Furthermore, regarding the performance of the proposed algorithm, WCNN\(_2\) illustrates the best performance, followed by WCNN\(_1\) and WCNN\(_3\). Therefore, from the interpretation of Figs. 2 and 3, we are able to conclude that the application of the bounds on the weights of a neural network significantly increased the overall classification accuracy. Nevertheless, in case the bounds were too tight, this did not substantially benefit much the classification performance of the networks.

5.2 Performance Evaluation of Weight-Constrained Neural Networks Against State-of-the-Art Machine Learning Algorithms

Next, we evaluate the performance of the weight-constrained neural networks trained with WCNN against state-of-the-art machine learning algorithms. The Naive Bayes algorithm [3] was the representative of the probabilistic classifiers while kNN algorithm [1] was selected as instance-based learner with Euclidean distance as distance metric. From the support vector machines, we have selected the Sequential Minimal Optimization (SMO) algorithm [15] using Pearson VII function-based universal kernel [22]. From the decision trees, C4.5 algorithm [16] was chosen in our study. These classification algorithms constitute some of the most effective and widely utilized machine learning algorithms for classification [24] and are implemented in Java using WEKA Machine Learning Toolkit [23].

Table 2. Performance comparison of the weight-constrained neural network trained with WCNN\(_1\), WCNN\(_2\) and WCNN\(_3\) against state-of-the-art classification algorithms, regarding \(F_1\)-score and accuracy

Table 2 presents the performance comparison of the weight-constrained neural networks, which were trained with all versions of WCNN against state-of-the-art classification algorithms, relative to \(F_1\)-score and accuracy. Notice that the best performance is highlighted in bold for each performance metric. Firstly, it is worth mentioning that the neural networks trained with WCNN\(_2\) exhibited the highest average \(F_1\)-score. As regards the classification accuracy, the ANNs trained with all version of WCNN presented the best performance, outperforming all state-of-the-art classification algorithms.

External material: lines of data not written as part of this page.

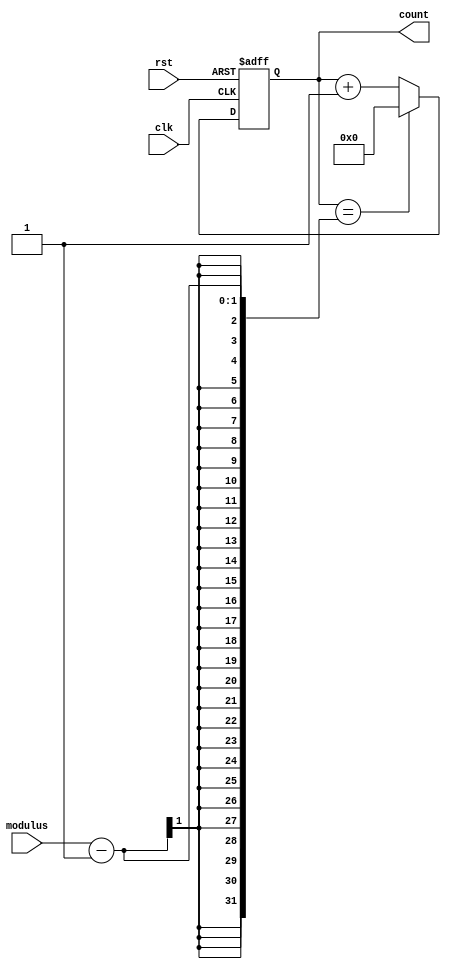
module ModulusCounter(
    input clk,
    input rst,
    input modulus,
    output reg [7:0] count
);

always @(posedge clk or posedge rst)
begin
    if(rst)
        count <= 8'b0;
    else if(count == modulus - 1)
        count <= 8'b0;
    else
        count <= count + 1;
end

endmodule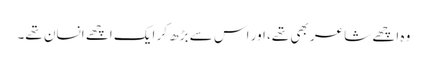
وہ اچھے شاعر بھی تھے، اور اس سے بڑھ کر ایک اچھے انسان تھے۔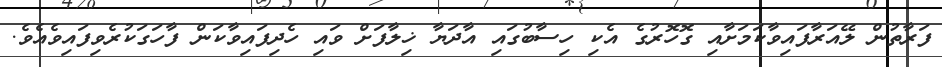
ފަރާތުން ލޭއަރާފައިވާކަމަށާއި ގޮހޮރުގެ އެކި ހިސާބުގައި އާދަޔާ ޚިލާފަށް ވައި ހެދިފައިވާކަން ފާހަގަކުރެވިފައިވެއެވެ.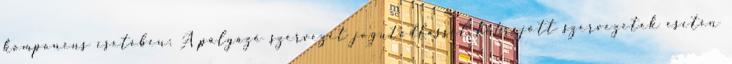
komponens esetében: A pályázó szervezet jogutódlással létrejött szervezetek esetén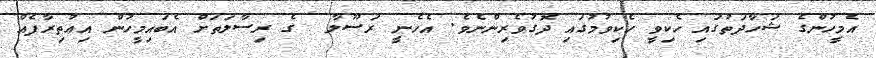
އެމީހުންގެ ޝަހާދަތުގައި  ހެކިވީ ހެކިވުމުގައި  ދޮގުވެރިންނެވެ. އެހެނީ ރަސޫލާ  ގެ ރިސާލަތަށް އެބައިމީހުން އިޢުތިރާފެއް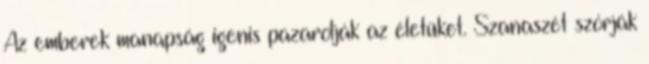
Az emberek manapság igenis pazarolják az életüket. Szanaszét szórják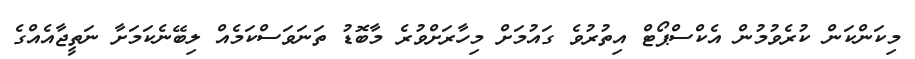
މިކަންކަން ކުރެވުމުން އެކްސްޕޯޓް އިތުރުވެ ގައުމަށް މިހާރަށްވުރެ މާބޮޑު ތަނަވަސްކަމެއް ލިބޭނެކަމަށާ ނަތީޖާއެއްގެ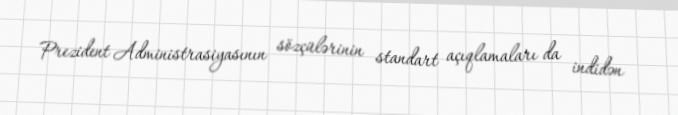
Prezident Administrasiyasının sözçülərinin standart açıqlamaları da indidən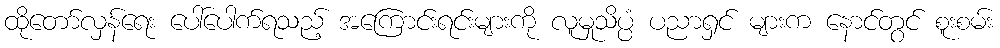
ထိုတော်လှန်ရေး ပေါ်ပေါက်ရသည့် အကြောင်းရင်းများကို လူမှုသိပ္ပံ ပညာရှင် များက နောင်တွင် စူးစမ်း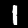
Label: 1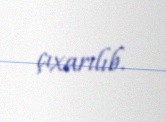
çıxarılıb.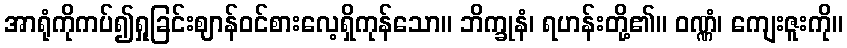
အာရုံကိုကပ်၍ရှုခြင်းဈာန်ဝင်စားလေ့ရှိကုန်သော။ ဘိက္ခုနံ၊ ရဟန်းတို့၏။ ဝဏ္ဏံ၊ ကျေးဇူးကို။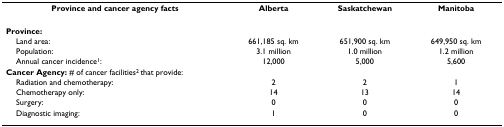
<table><thead><tr><td><b>Province and cancer agency facts</b></td><td><b>Alberta</b></td><td><b>Saskatchewan</b></td><td><b>Manitoba</b></td></tr></thead><tbody><tr><td><b>Province:</b></td><td></td><td></td><td></td></tr><tr><td> Land area:</td><td>661,185 sq. km</td><td>651,900 sq. km</td><td>649,950 sq. km</td></tr><tr><td> Population:</td><td>3.1 million</td><td>1.0 million</td><td>1.2 million</td></tr><tr><td> Annual cancer incidence<sup>1</sup>:</td><td>12,000</td><td>5,000</td><td>5,600</td></tr><tr><td><b>Cancer Agency: </b># of cancer facilities<sup>2 </sup>that provide:</td><td></td><td></td><td></td></tr><tr><td> Radiation and chemotherapy:</td><td>2</td><td>2</td><td>1</td></tr><tr><td> Chemotherapy only:</td><td>14</td><td>13</td><td>14</td></tr><tr><td> Surgery:</td><td>0</td><td>0</td><td>0</td></tr><tr><td> Diagnostic imaging:</td><td>1</td><td>0</td><td>0</td></tr></tbody></table>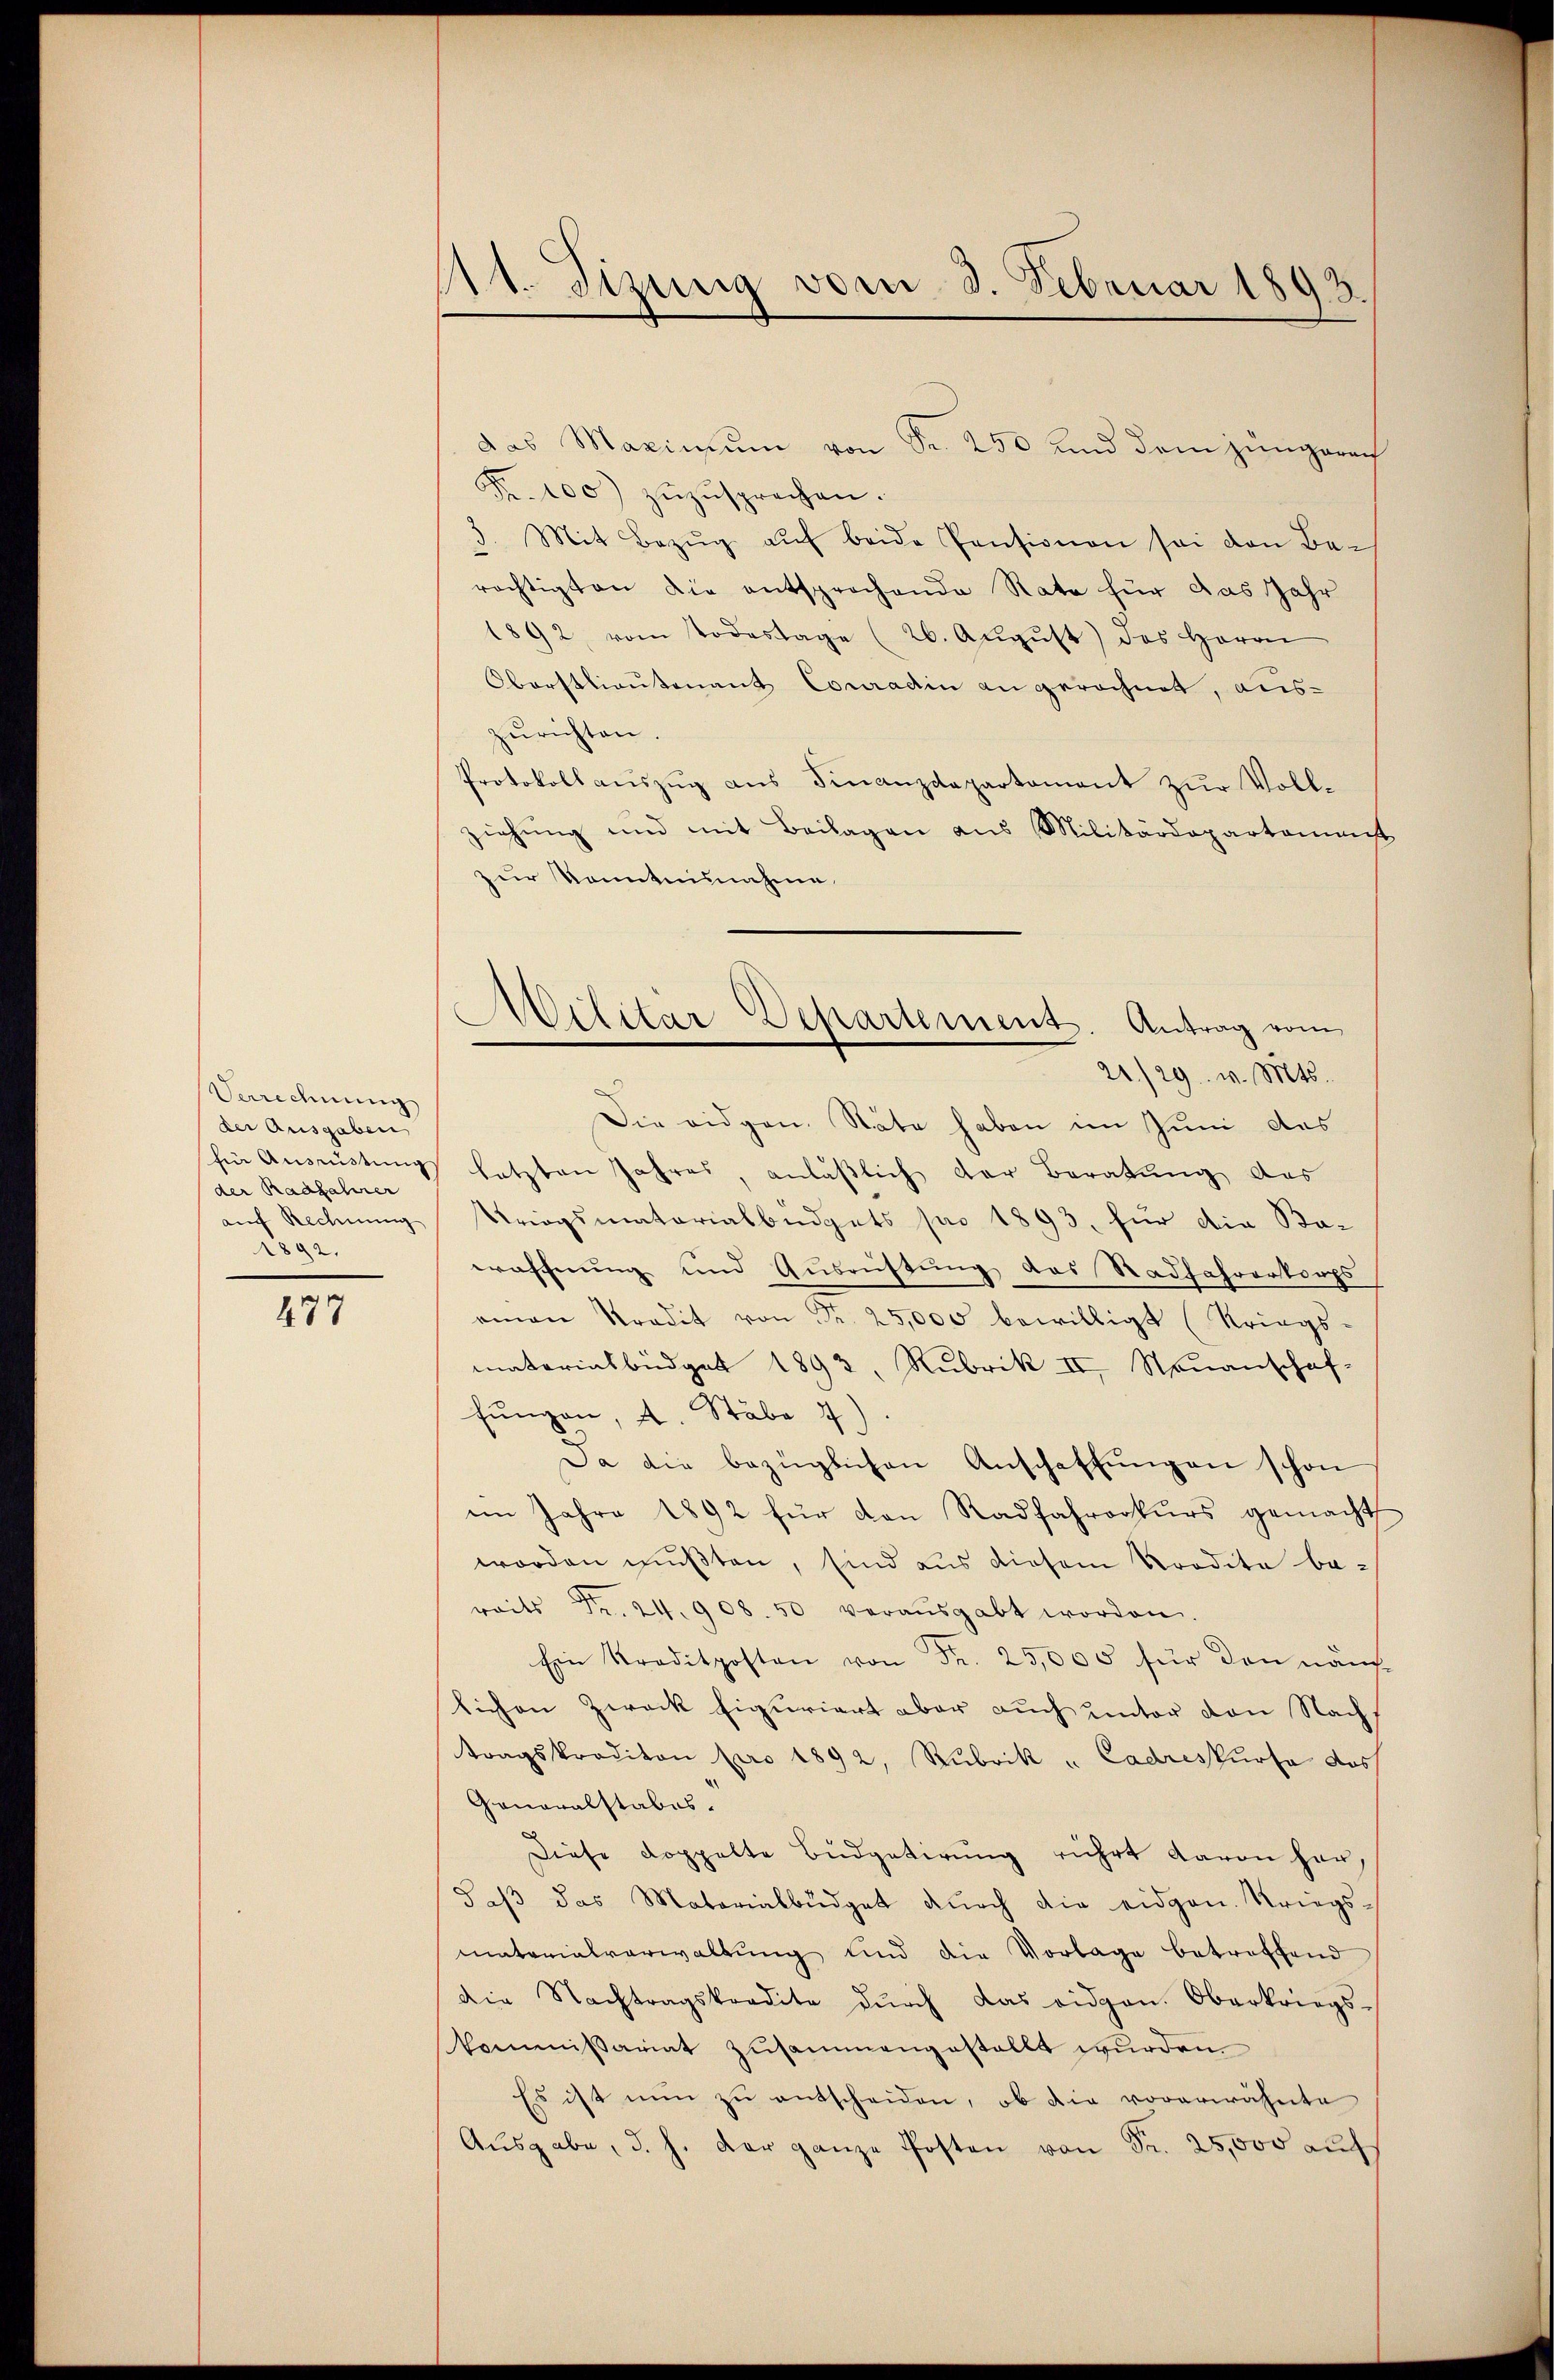
Verrechnung
der Ausgaben
der Raafahrer
auf Rechnung
1892.

477

At. Tizung vom 3. Februar 1893.

das Maximum von Fr. 250 und dem jungerech
Fr. 100) zŭzŭsprechen.
3. Mit Bezŭg aŭf beide Pensionen sei den Be-
rächtigten die entsprochende Rate für das Jahr
1892, vom Todestage (26. Aŭgŭst) das Herrn
Oberstlieutenant Conradin an gerechnet, auszŭrichten.
Protokoll auszug aus Finanzdepartament zur Vollziehung und mit Beilagen aus Militärdepartamenst
zur Kenntnisnahme
Die eidgen. Stäte haben im Juni das
hin Ausrüstung letzten Jahres, anläβlich der Beratŭng des
Kriegsmatorialbüdgets pro 1893, für die Ba-
eröffnung und Ausrüstung des Radfahrerkorps
aman Kredit von Fr. 25,000 bewilligt (Kriegs-
materialbüdget 1893, Rubrik II, Neuanschaf-
fungen, A. Stäbe 7)
Da die bezüglichen Anschaffŭngen schon
im Jahre 1892 für den Radfahrerkurs gemacht
worden mußten, sind aus diesem Prodite be-
reits Fr. 24. 908. 50 veraŭsgabt worden.
Ein Traditposten von Fr. 25,000 für den näuflichen Zweck figuriert aber auch unter den Nachs
tragskrediton pro 1892, Rubrik u Cadreskurse dos
Generalstabes.
Diese doppelte Budgetirung rührt davon her,
daβ das Materialbüdget dŭrch die eidgen. Kriegsmaterialverwaltung und die Vorlage betreffend
die Nachtragskredite dŭrch das eidgen. Oberkriegs-
kommißariat zusammengestellt wurden.
Es ist nŭn zŭ entscheiden, ob die vorerwähnte
Aŭsgabe, d. h. der ganze Posten von Fr. 25,000 auf

Militar-Departement. Antrag vom
21./29. v. Mts.

Based on the above discussion, we are able to conclude out that the weight-constrained neural networks perform significantly better than any presented classification algorithm, reporting the best overall performance.

6 Conclusions

In this work, we evaluated the classification accuracy of weight-constrained neural networks for forecasting new product’s sales increase. By placing constraints on the values of weights, the likelihood that some weights will “blow up” to unrealistic values is considerably reduced; thus all inputs and neurons of the network are efficiently explored. These modified prediction models are efficiently trained with a new training algorithm, called WCNN, which exploits a gradient-projection strategy for handling the bounds on the weights together with the numerical and theoretical advantages of the limited memory BFGS matrices. Our preliminary numerical experiments illustrate the classification efficiency of weight-constrained neural networks in terms of accuracy, compared to state-of-the-art machine learning prediction models.

Nevertheless, the a-priori determination of the optimal bounds on the weights of the networks is a rather challenging open problem; thus more research and experiments are needed. To this end, the question of what should be the values of the bounds for each benchmark or which additional constraints should be applied is still under consideration. Probably, the required research to answer these questions may reveal additional and crucial information and questions.

Our future work is concentrated on incorporating the proposed methodology to more advanced and complex neural network architectures. Additionally, since our experimental results are quite encouraging, a next step could be the evaluation of the proposed framework in challenging real-world regression problems.